Notre Seigneur Elohenou Notre Seigneur Elohenou Fit venir Moïse Rabenou Pour nous donner Toratenou Qui commence, par Moi. Moïse monta aux cieux Sans manger, sans boire ; Il nous rapporta les deux tables, Qui commencent par Moi. En haut du Sinaï il fit éclater Des feux brillants et du son du chofar Israël entier fit trembler, Lorsque Dieu dit : Moi. Dieu nous donna les Dix Commandements, Avec ses secrets et ses chants, Les âmes étaient là, présentes, Lorsque Dieu dit : Moi.

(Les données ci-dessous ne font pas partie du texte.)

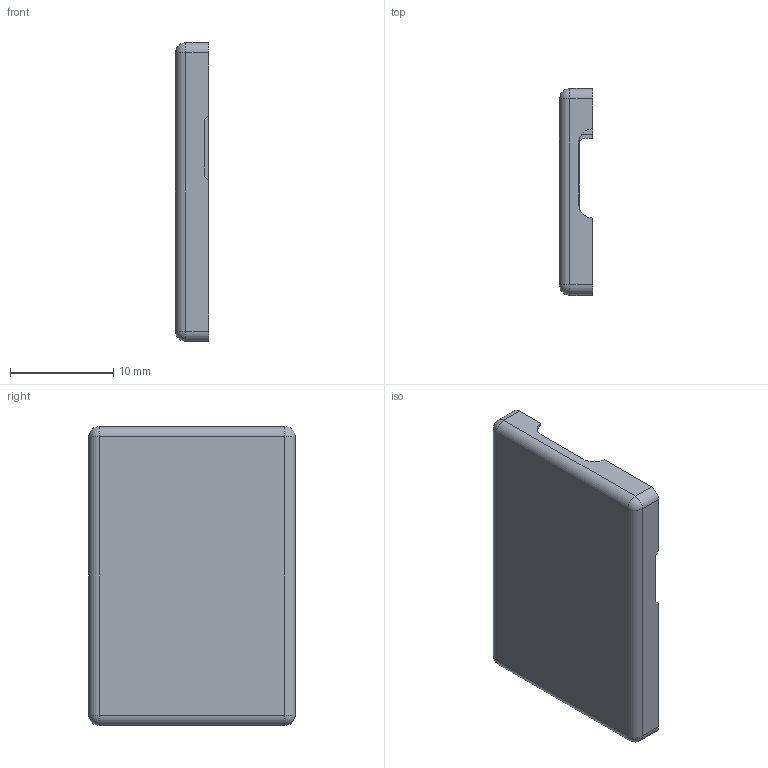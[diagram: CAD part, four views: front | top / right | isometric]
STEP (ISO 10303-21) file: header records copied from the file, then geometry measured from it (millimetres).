
FILE_DESCRIPTION((''),'2;1');
FILE_NAME('0000045262_V3_THIN','2015-06-22T',('amywong'),(''),'PRO/ENGINEER BY PARAMETRIC TECHNOLOGY CORPORATION, 2015110','PRO/ENGINEER BY PARAMETRIC TECHNOLOGY CORPORATION, 2015110','');
FILE_SCHEMA(('CONFIG_CONTROL_DESIGN'));
Length unit declared in the file: millimetre
Products named in the file (1): 0000045262_V3_THIN
Bounding box: 3.2 x 20 x 28.94 mm (x, y, z)
Volume: 1228.1 mm3; surface area: 1579.4 mm2
Topology: 1 solids, 1 shells, 89 faces, 228 edges, 146 vertices
Faces by surface type: plane 63, cylinder 22, sphere 4
Entity records: 2715 total; most frequent: CARTESIAN_POINT 463, ORIENTED_EDGE 456, DIRECTION 452, EDGE_CURVE 228, VECTOR 182, LINE 182, VERTEX_POINT 146, AXIS2_PLACEMENT_3D 135
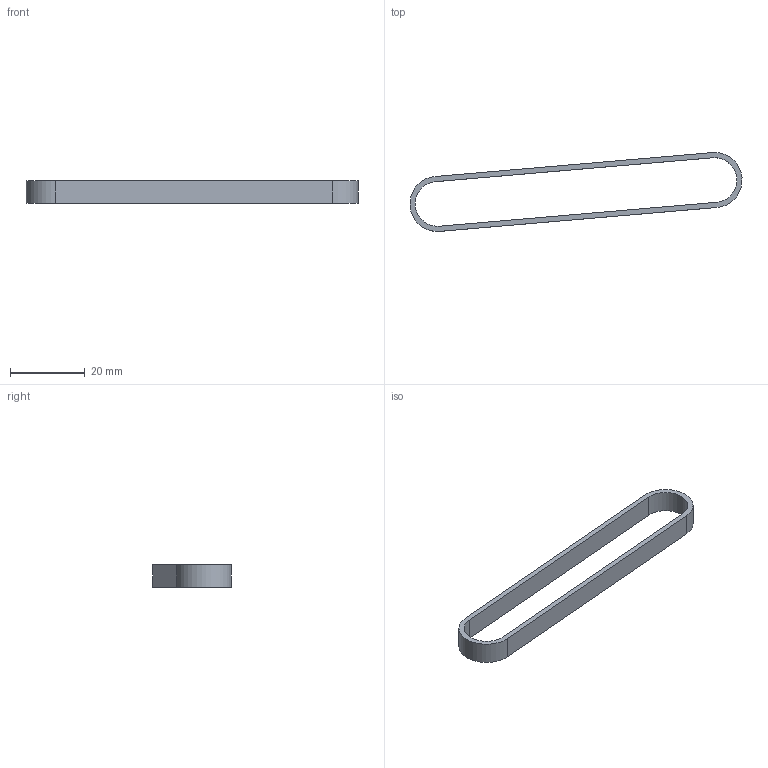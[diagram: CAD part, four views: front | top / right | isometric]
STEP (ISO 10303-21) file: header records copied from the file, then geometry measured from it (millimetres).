
FILE_DESCRIPTION(/* description */ (''),/* implementation_level */ '2;1');
FILE_NAME(/* name */ 'belt y axis motor.stp',/* time_stamp */ '2020-11-19T20:20:35+03:00',/* author */ ('Max'),/* organization */ (''),/* preprocessor_version */ 'ST-DEVELOPER v16.5',/* originating_system */ 'Autodesk Inventor 2017',/* authorisation */ '');
FILE_SCHEMA (('AUTOMOTIVE_DESIGN { 1 0 10303 214 3 1 1 }'));
Length unit declared in the file: millimetre
Products named in the file (1): ремень оси y 
моторный
Bounding box: 89.12 x 21.16 x 6 mm (x, y, z)
Volume: 1607.8 mm3; surface area: 2832.8 mm2
Topology: 1 solids, 1 shells, 10 faces, 24 edges, 16 vertices
Faces by surface type: plane 6, cylinder 4
Entity records: 335 total; most frequent: DIRECTION 54, CARTESIAN_POINT 51, ORIENTED_EDGE 48, EDGE_CURVE 24, AXIS2_PLACEMENT_3D 19, LINE 16, VECTOR 16, VERTEX_POINT 16
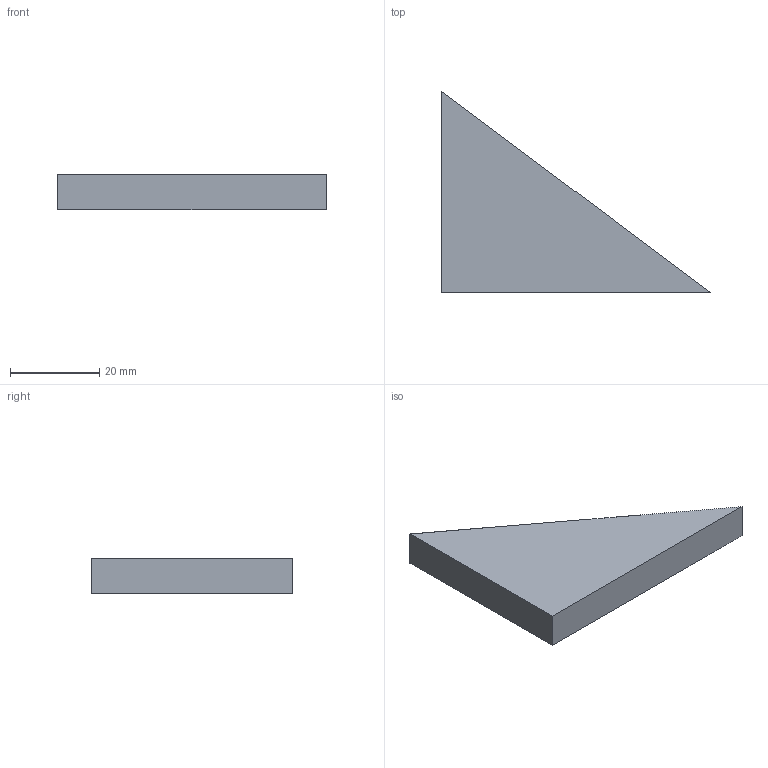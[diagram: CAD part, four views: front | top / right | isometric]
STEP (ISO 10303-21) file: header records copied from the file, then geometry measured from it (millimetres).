
FILE_DESCRIPTION (( 'STEP AP203' ), '1' );
FILE_NAME ('M5 - erpAynalama33360_KMS 202.IGS_Default_sldprt.STEP', '2023-01-17T08:16:19', ( '' ), ( '' ), 'SwSTEP 2.0', 'SolidWorks 2019', '' );
FILE_SCHEMA (( 'CONFIG_CONTROL_DESIGN' ));
Length unit declared in the file: millimetre
Products named in the file (1): M5 - erpAynalama33360_KMS 202.IGS_Default_sldprt
Bounding box: 60 x 45 x 8 mm (x, y, z)
Volume: 10800 mm3; surface area: 4140 mm2
Topology: 1 solids, 1 shells, 5 faces, 9 edges, 6 vertices
Faces by surface type: bspline 5
Entity records: 195 total; most frequent: CARTESIAN_POINT 49, ORIENTED_EDGE 18, B_SPLINE_CURVE_WITH_KNOTS 9, EDGE_CURVE 9, PERSON_AND_ORGANIZATION 8, VERTEX_POINT 6, B_SPLINE_SURFACE_WITH_KNOTS 5, ADVANCED_FACE 5
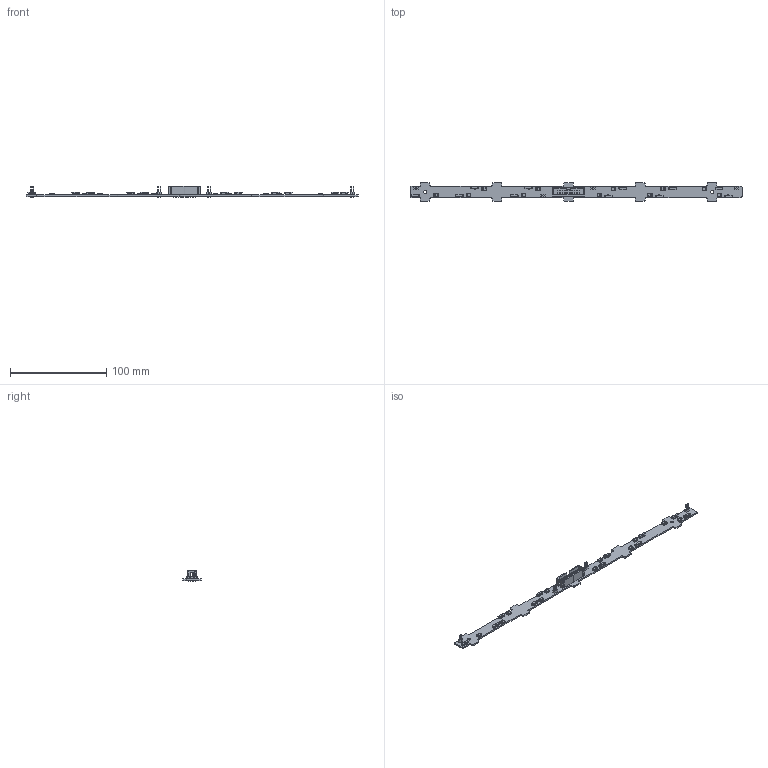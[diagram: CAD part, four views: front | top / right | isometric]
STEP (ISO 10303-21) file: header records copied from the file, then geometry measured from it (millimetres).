
FILE_DESCRIPTION(('KiCad electronic assembly'),'2;1');
FILE_NAME('ams_measurement.STEP','2023-11-05T16:54:24',('Pcbnew'),( 'Kicad'),'Open CASCADE STEP processor 7.7','KiCad to STEP converter' ,'Unknown');
FILE_SCHEMA(('AUTOMOTIVE_DESIGN { 1 0 10303 214 1 1 1 1 }'));
Length unit declared in the file: millimetre
Products named in the file (10): ams_measurement 1; 2065-100_998-403; SOLID; PinHeader_1x02_P2.54mm_Vertical; 1812L050_60MR-A; COMPOUND; IDC-Header_2x10_P2.54mm_Vertical; ams_measurement PCB
Assembly tree (32 placements, depth 3):
  ams_measurement 1
    2065-100_998-403  x11
      SOLID
    PinHeader_1x02_P2.54mm_Vertical  x4
      SOLID
    1812L050_60MR-A  x11
      COMPOUND
    IDC-Header_2x10_P2.54mm_Vertical
      SOLID
    ams_measurement PCB
Bounding box: 345 x 19.4 x 12.1 mm (x, y, z)
Volume: 9032.7 mm3; surface area: 16077.4 mm2
Topology: 94 solids, 94 shells, 3537 faces, 9809 edges, 6441 vertices
Faces by surface type: plane 2651, cylinder 886
Full cylindrical faces by diameter (mm): 1 x34, 3.2 x2
Entity records: 76208 total; most frequent: CARTESIAN_POINT 13513, DIRECTION 11091, LINE 8175, VECTOR 8175, ORIENTED_EDGE 5826, PCURVE 5826, DEFINITIONAL_REPRESENTATION 5826, EDGE_CURVE 2913
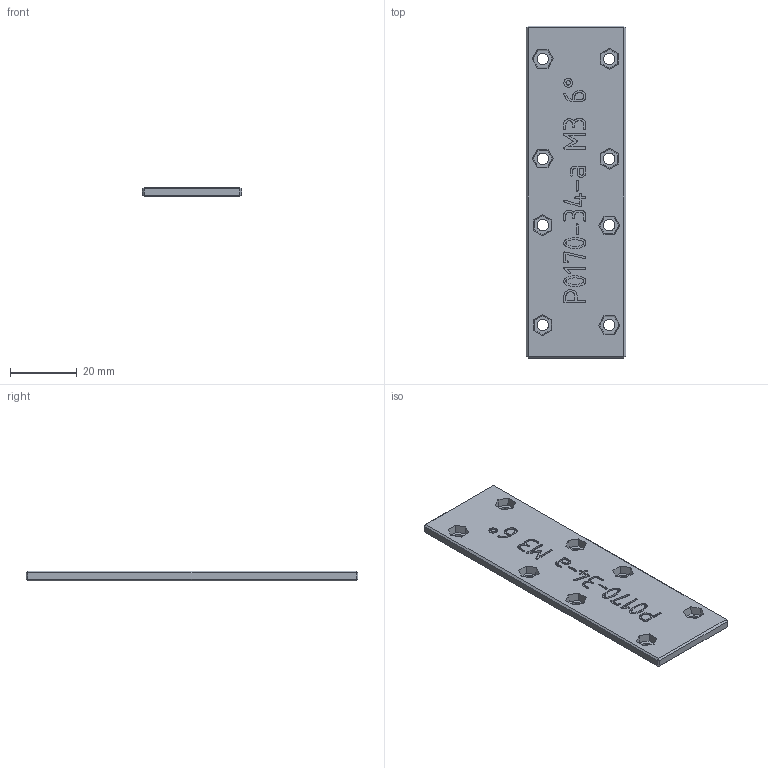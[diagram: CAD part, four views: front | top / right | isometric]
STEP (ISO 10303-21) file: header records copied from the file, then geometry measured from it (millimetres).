
FILE_DESCRIPTION(('FreeCAD Model'),'2;1');
FILE_NAME('Open CASCADE Shape Model','2023-10-14T20:38:11',(''),(''), 'Open CASCADE STEP processor 7.6','FreeCAD','Unknown');
FILE_SCHEMA(('AUTOMOTIVE_DESIGN { 1 0 10303 214 1 1 1 1 }'));
Length unit declared in the file: millimetre
Products named in the file (1): P0170-34-a_Geradverbinder
Bounding box: 29.8 x 99.8 x 3 mm (x, y, z)
Volume: 8304.4 mm3; surface area: 6947.8 mm2
Topology: 1 solids, 1 shells, 374 faces, 1008 edges, 664 vertices
Faces by surface type: extrusion 214, plane 104, bspline 48, cylinder 8
Full cylindrical faces by diameter (mm): 3.4 x8
Entity records: 24970 total; most frequent: CARTESIAN_POINT 6491, DIRECTION 2520, VECTOR 2254, LINE 2040, ORIENTED_EDGE 2016, PCURVE 2016, DEFINITIONAL_REPRESENTATION 2016, B_SPLINE_CURVE_WITH_KNOTS 1166

Moi Adoshem, je vous aide, Nos péchés tu pardonnes Eliyahou s’annonce à nous Avec celui qui dit : Moi.

1. Chant para-liturgique.

Cette copla 1 « Les Tables de la Loi » fait partie du répertoire sépharade du Maroc. Elle est chantée lors des fêtes de Simhat Torah et de Chavouot. Comme d’autres coplas, le texte est tiré non seulement de la Bible (Exode, chapitre 19), mais aussi du Talmud comme la quatrième strophe qui mentionne toutes les âmes (las neshamot) de toutes les générations à naître et qui, d’après les croyances, accompagnaient les Juifs après la sortie d’Égypte, lorsque Dieu donna les Tables de la Loi à Moïse sur le mont Sinaï. Le texte est structuré en strophes de quatre vers, dont trois ont la même rime, le quatrième vers portant une rime différente, mais répétée à chaque strophe terminée par Anohi (Moi), premier mot du premier commandement en hébreu.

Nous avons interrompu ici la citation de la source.